Las raíces del mito de la democracia racial deben rastrearse en los ejercicios configurativos de las identidades nacionales latinoamericanas entre finales del siglo XIX y principios del siglo XX, en la prosecución y reconfiguración (resemantización) de la colonialidad del poder bajo la hegemonía de las élites blancas. La ficción de la democracia racial trataría así de resolver la incompatibilidad entre los supuestos estatales de unidad, igualdad y ciudadanía plena en un estado independiente, y las realidades materiales y subjetivas de desigualdad y discriminación en una sociedad tutelada por la colonialidad del poder: el mito de la democracia racial debe constantemente reafrmar lo primero al tiempo que procurar suprimir lo segundo. Como lo señaló el orientalista francés Ernest Renan a fines del siglo XIX: «la esencia de una nación es que todos los individuos tengan muchas cosas en común, y también que todos hayan olvidado muchas cosas» (Renan, 1882: 57). En este sentido, la (re)producción del mito de la democracia racial encubre la diferencia colonial, lo cual genera una narrativa de armonía y tolerancia que, a la vez, promueve un relato del que están ausentes las relaciones de dominación y explotación, e incluso la conflictividad que les es inherente.
Los diseños nacionales en Venezuela han estado particularmente asentados sobre este mito. La ficción de la democracia racial ha sido uno de los cimientos ideológicos desde los cuales se han vehiculizado los proyectos civilizatorios de modernización, como siempre, a través del Estado como entidad primordial del control de la autoridad colectiva.

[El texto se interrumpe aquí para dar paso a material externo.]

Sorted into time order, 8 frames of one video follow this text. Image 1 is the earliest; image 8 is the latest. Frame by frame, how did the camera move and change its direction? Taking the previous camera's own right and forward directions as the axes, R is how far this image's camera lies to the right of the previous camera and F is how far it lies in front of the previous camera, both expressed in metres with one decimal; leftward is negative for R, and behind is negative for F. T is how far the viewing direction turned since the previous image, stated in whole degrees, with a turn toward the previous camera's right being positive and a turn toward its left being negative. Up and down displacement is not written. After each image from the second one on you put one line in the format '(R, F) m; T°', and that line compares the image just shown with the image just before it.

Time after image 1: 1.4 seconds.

Diseños nacionales y literatura modernista en Venezuela
Por diseños nacionales entendemos aquellos proyectos que han sido desplegados por las élites criollas latinoamericanas en su afán por homogeneizar (al estilo occidental) la totalidad de la vida nacional. Estos diseños suponen el desarrollo de metodologías o tecnologías civilizatorias que se basan en la planificación e implementación de diversas políticas de producción y de subjetivación inscritas en los diferentes momentos del imaginario histórico6 de la colonialidad, y que están asociados fuertemente a la idea de la modernización. Desde la época de la postindependencia latinoamericana, estos proyectos estuvieron suscritos a diferentes estrategias de cohesión y control social que intentaron configurar una identidad y un ser nacional homogéneo e indeleble, constituido a partir de componentes como la unidad del lenguaje, la pureza y el refinamiento cultural y el blanqueamiento étnico/racial; bajo los auspicios del modelo democrático de corte liberal y de la economía de mercado7. Estos bocetos limitados a los espacios nacionales han sido comúnmente denominados como «proyectos de modernidad».

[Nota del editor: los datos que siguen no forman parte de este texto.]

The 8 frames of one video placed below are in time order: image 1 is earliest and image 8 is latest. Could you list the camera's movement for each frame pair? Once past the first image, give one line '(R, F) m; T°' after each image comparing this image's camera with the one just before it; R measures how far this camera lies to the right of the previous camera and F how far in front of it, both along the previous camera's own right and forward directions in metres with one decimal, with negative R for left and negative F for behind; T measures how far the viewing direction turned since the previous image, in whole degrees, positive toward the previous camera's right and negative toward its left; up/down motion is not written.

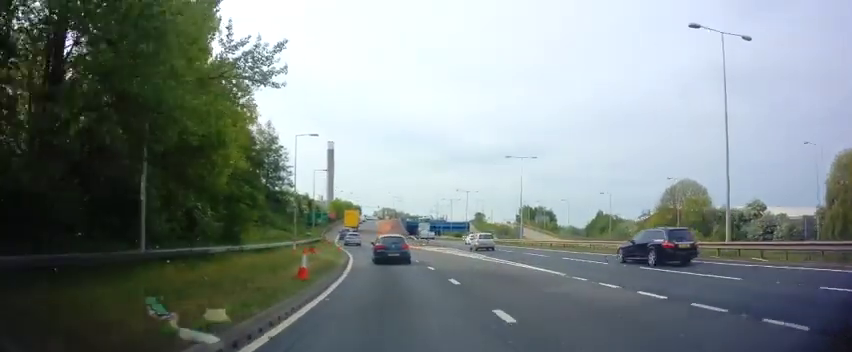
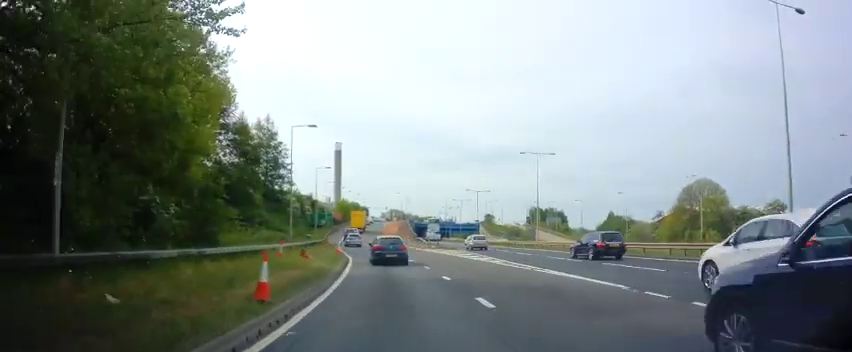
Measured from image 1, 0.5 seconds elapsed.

Ontológicamente, la idea de modernización remite exactamente al proceso imitativo de constitución de los países coloniales con respecto a Europa (Dussel, 1994). En este orden de ideas, la continuidad de la colonialidad en América Latina fue vehiculizada por los diferentes proyectos de modernidad/ modernización desplegados mediante los diseños nacionales, que fungieron históricamente como los cimientos ideológicos de los planes de acción para transformar las sociedades y configurar las naciones latinoamericanas. En este mismo movimiento histórico se desarrollan, a la par de la gestación de los diseños nacionales, diferentes ejercicios de configuración de la nacionalidad que definirían, a la postre, el «ser nacional». En este doble recorrido de configuración, de los diseños nacionales y del «ser nacional», jugaron un papel preponderante los ejercicios escrituitarios realizados por las élites ilustradas que conformaban el espacio hegemónico nacional, y que finalmente fueron las encargadas de llevar adelante esos procesos. Santiago Castro-Gómez (2000) ha señalado que algunos de estos ejercicios fueron, por ejemplo, la redacción de constituciones, manuales de conducta, gramáticas de la lengua para cada región y, en todos los países por igual, de novelas nacionales.

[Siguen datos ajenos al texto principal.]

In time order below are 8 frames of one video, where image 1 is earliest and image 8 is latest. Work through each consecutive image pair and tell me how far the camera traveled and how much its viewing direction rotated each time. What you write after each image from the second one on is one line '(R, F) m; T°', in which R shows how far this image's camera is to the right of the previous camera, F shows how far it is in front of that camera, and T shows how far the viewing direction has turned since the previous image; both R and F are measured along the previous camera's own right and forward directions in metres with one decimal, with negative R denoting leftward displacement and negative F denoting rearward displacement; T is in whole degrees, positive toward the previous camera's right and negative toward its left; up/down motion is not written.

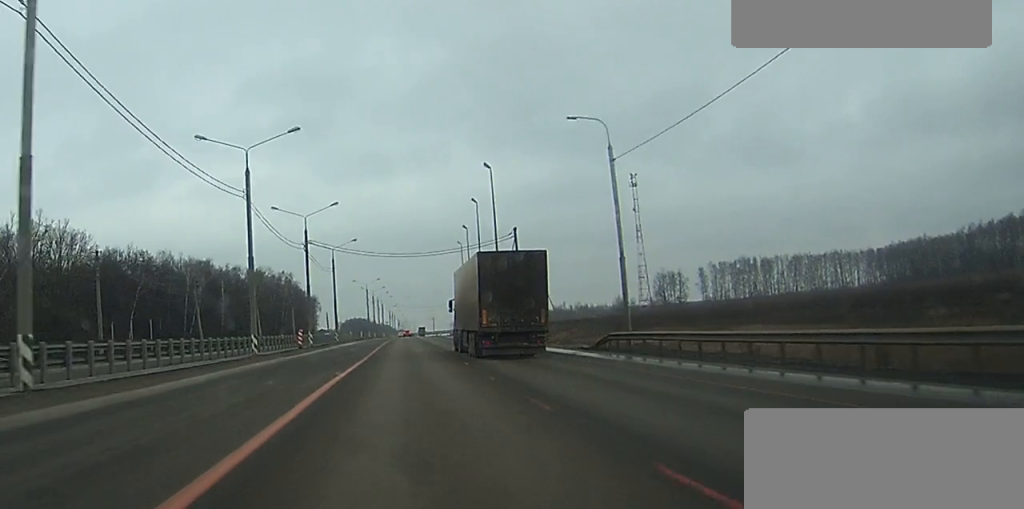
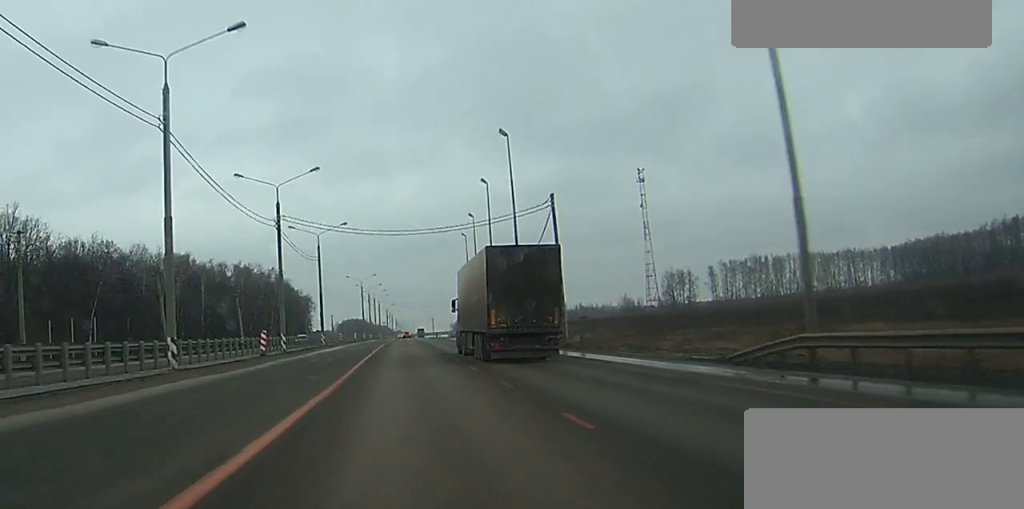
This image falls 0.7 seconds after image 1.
(0.0, +18.6) m; 0°
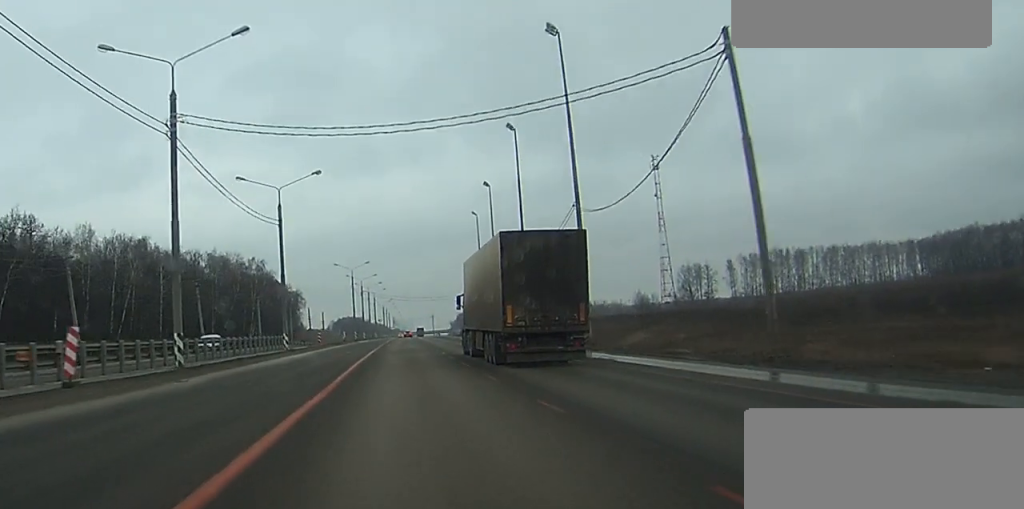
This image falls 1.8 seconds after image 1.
(+0.1, +30.5) m; 0°
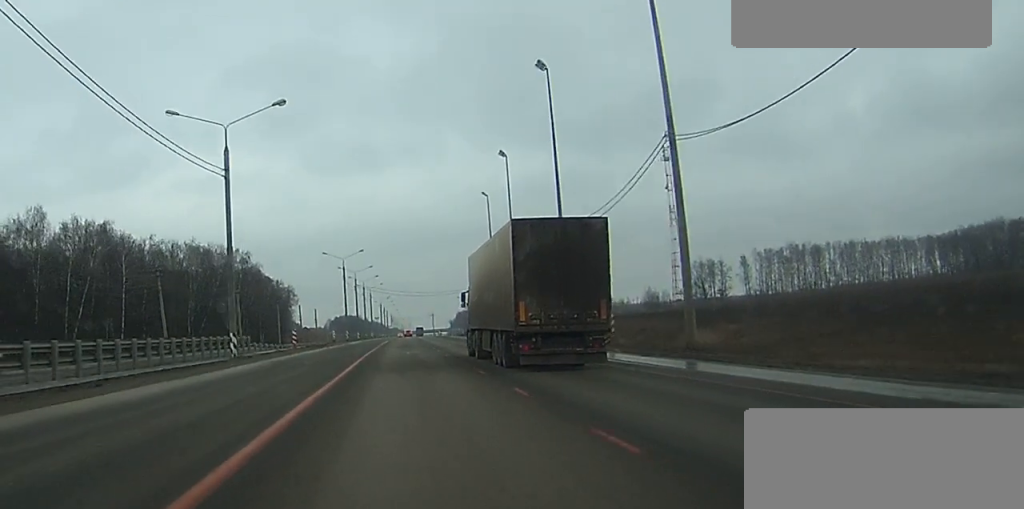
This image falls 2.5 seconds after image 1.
(0.0, +20.3) m; 0°
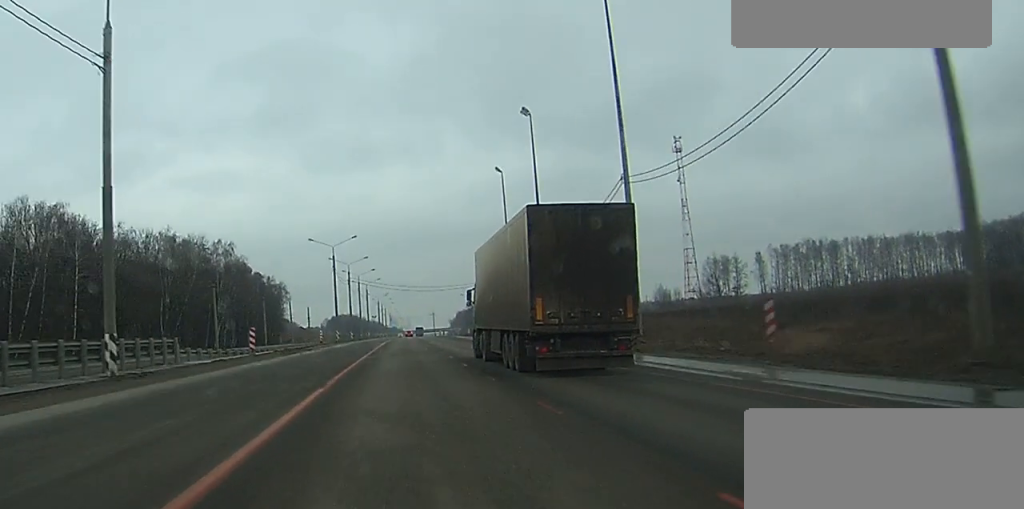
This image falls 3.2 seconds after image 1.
(0.0, +19.3) m; 0°
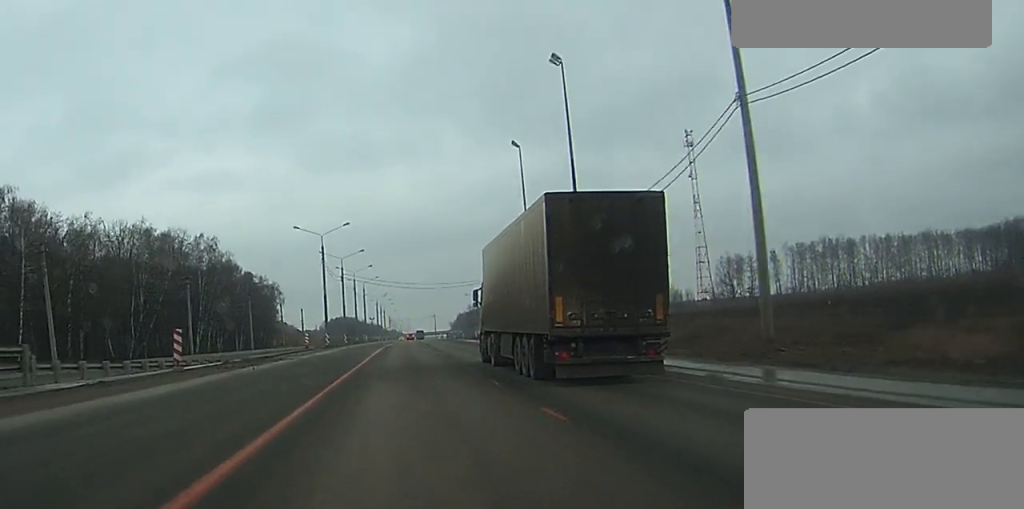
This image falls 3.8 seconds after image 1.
(0.0, +16.6) m; 0°
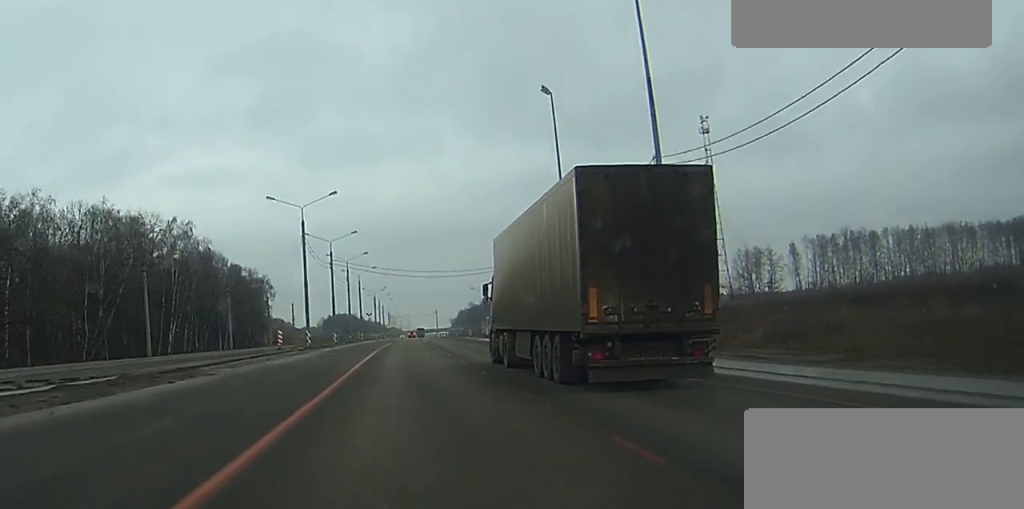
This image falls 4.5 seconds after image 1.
(0.0, +20.2) m; 0°
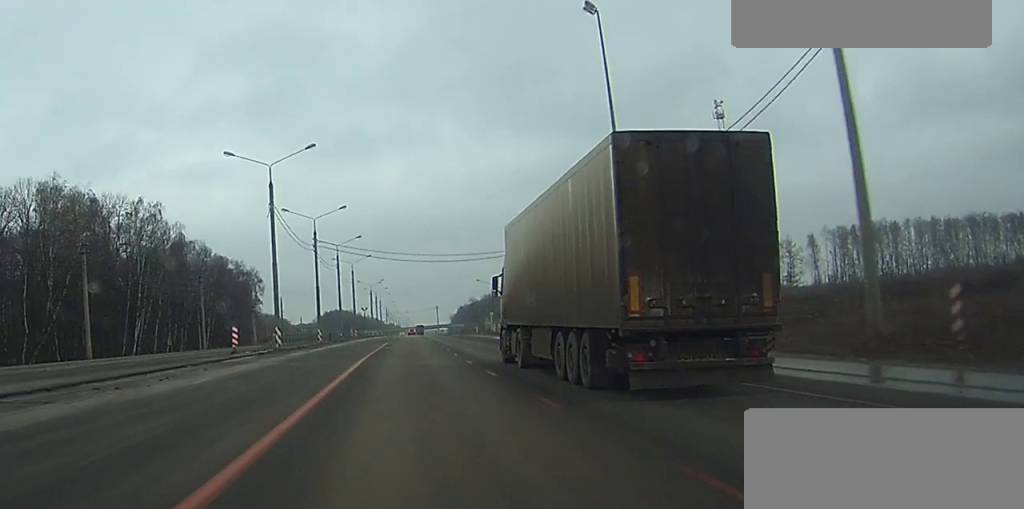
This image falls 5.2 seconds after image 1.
(0.0, +18.4) m; 0°

Las novelas nacionales son ficciones de corte romántico escritas por personajes de la política y de las letras latinoamericanas en la época de la formación de estas repúblicas. Tal como argumenta Doris Sommer, estas novelas eran parte del proyecto de las burguesías nacionales para lograr una hegemonía cultural en las naciones latinoamericanas: «Idealmente sería una cultura acogedora, un tanto sofocante, que enlazaría las esferas pública y privada de modo que habría lugar para todos, siempre y cuando todos supieran cuál era el lugar que les correspondía» (Sommer, 2004: 46). Como ningún otro ejercicio de producción subjetiva de la época, estas novelas refejan los imaginarios fundacionales y civilizatorios de las élites criollas para cada nación. Asentadas en el romanticismo o en el modernismo literario, según sea el caso, las novelas nacionales escritas bajo el signo de la pasión romántica otorgaron una retórica propia y particular a los diseños nacionales. Las novelas funcionaron, en este sentido, como máquinas unificadoras de las sociedades y de los Estados, a la vez que asentaban en la población los proyectos de modernidad y contribuían a configurar la «comunidad imaginada», tal como la ha definido Benedict Anderson (1993).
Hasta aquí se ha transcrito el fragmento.